2005's Tropical Storm Arlene made landfall near Pensacola, Florida, where it remained a tropical depression and it held its intensity and structure for two more days as it traversed inland, where it finally dissipated near Flint, Michigan.

2005’s Hurricane Katrina made its first landfall in Florida on August 25 on the southern end of the peninsula. It held its intensity and only weakened slightly.

Tropical Storm Erin in 2007 intensified over central Texas, eventually forming an eye over Oklahoma. Tropical Storm Erin gained even more traction as it travelled across the plains, a rare feat as most tropical storms weaken as they go farther inland. Andersen states "Until events like Erin in 2007, there was not much focus on post-landfall tropical cyclones unless they transitioned. Erin really brought attention to the inland intensification of tropical cyclones."

Tropical Storm Fay strengthened to near hurricane strength upon landfall over the Florida mainland and briefly forming an eye-like feature before weakening. The cause of this was the waterlogged terrain of South Florida, specifically Lake Okeechobee and the Everglades.

Saturated soil conditions from the 2015 Texas–Oklahoma flood and tornado outbreak sustained Tropical Storm Bill for a longer period of time.

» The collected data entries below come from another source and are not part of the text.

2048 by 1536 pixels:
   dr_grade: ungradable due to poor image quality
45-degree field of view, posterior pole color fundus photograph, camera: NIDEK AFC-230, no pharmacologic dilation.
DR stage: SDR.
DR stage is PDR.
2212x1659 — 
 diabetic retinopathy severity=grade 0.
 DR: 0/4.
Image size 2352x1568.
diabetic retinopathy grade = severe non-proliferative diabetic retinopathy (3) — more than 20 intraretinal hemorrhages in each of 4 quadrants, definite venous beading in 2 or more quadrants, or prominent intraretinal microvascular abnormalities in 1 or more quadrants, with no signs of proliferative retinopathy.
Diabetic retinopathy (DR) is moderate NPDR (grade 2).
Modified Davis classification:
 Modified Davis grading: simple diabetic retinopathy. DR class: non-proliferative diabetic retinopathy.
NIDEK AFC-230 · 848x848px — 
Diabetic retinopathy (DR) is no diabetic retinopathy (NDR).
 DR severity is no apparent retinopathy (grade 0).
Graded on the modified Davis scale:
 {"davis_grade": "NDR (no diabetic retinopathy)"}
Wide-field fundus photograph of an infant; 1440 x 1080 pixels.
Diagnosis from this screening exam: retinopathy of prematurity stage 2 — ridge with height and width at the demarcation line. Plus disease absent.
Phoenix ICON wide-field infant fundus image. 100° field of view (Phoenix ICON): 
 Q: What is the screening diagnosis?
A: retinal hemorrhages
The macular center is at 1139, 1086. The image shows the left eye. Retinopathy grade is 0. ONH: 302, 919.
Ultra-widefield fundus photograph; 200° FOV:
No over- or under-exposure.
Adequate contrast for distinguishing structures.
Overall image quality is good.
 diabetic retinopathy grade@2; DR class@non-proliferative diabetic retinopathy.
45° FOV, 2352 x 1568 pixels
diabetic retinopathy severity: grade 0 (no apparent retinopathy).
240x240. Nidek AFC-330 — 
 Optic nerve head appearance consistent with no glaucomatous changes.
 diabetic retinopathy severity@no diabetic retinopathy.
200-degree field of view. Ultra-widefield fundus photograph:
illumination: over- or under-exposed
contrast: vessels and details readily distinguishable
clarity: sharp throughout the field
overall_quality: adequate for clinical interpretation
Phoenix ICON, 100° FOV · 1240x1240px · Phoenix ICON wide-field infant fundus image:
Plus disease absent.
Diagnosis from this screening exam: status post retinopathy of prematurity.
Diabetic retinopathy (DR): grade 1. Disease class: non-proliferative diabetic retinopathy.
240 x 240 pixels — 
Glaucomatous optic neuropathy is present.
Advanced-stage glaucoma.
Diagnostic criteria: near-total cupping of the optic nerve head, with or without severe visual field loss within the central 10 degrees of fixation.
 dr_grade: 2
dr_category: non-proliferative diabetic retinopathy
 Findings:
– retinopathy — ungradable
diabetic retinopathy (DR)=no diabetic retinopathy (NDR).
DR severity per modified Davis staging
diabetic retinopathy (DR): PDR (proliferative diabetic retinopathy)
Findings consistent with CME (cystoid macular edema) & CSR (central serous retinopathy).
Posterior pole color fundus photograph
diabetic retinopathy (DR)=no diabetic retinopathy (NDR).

In 2016, Tropical Depression Eleven made landfall in Eastern Florida. While over land, it became the first tropical cyclone to reach tropical storm strength while over Florida, where it was named Julia.

Tropical Cyclone Kelvin in 2018 made landfall over Western Australia and developed a clear eye while continuing to strengthen, despite moving over the Great Sandy Desert, where most tropical cyclones rapidly weaken. The strengthening was assisted by the affected areas already experiencing record or near-record rainfall due to the preceding Cyclones Hilda, Joyce, and Low 11U passing over the same area in the months leading up to Kelvin.

Tropical Storm Alberto in 2018 maintained its status as a tropical depression for over two days after landfall, before becoming post-tropical over Michigan.

Tropical Storm Claudette formed just prior to landfall on southern Louisiana on June 19, 2021, possibly from the moist soils from recent flooding. The system weakened to a tropical depression before it restrengthened back to a tropical storm inland over North Carolina on June 21, 2021.

Hurricane Ida in 2021, which struck Louisiana, continued to maintain Category 4 winds some four hours after landfall.

Cyclone Ellie of 2022–2023 maintained tropical depression status days after landfall and even restrengthened into a tropical storm for a short amount of time over Western Australia.

Hurricane Helene in 2024 was able to move quickly through Florida, Georgia, and the Carolinas due to the brown ocean effect.

Cyclone Luana in 2026 was able to maintain tropical cyclone status well inland over Western Australia due to the brown ocean effect.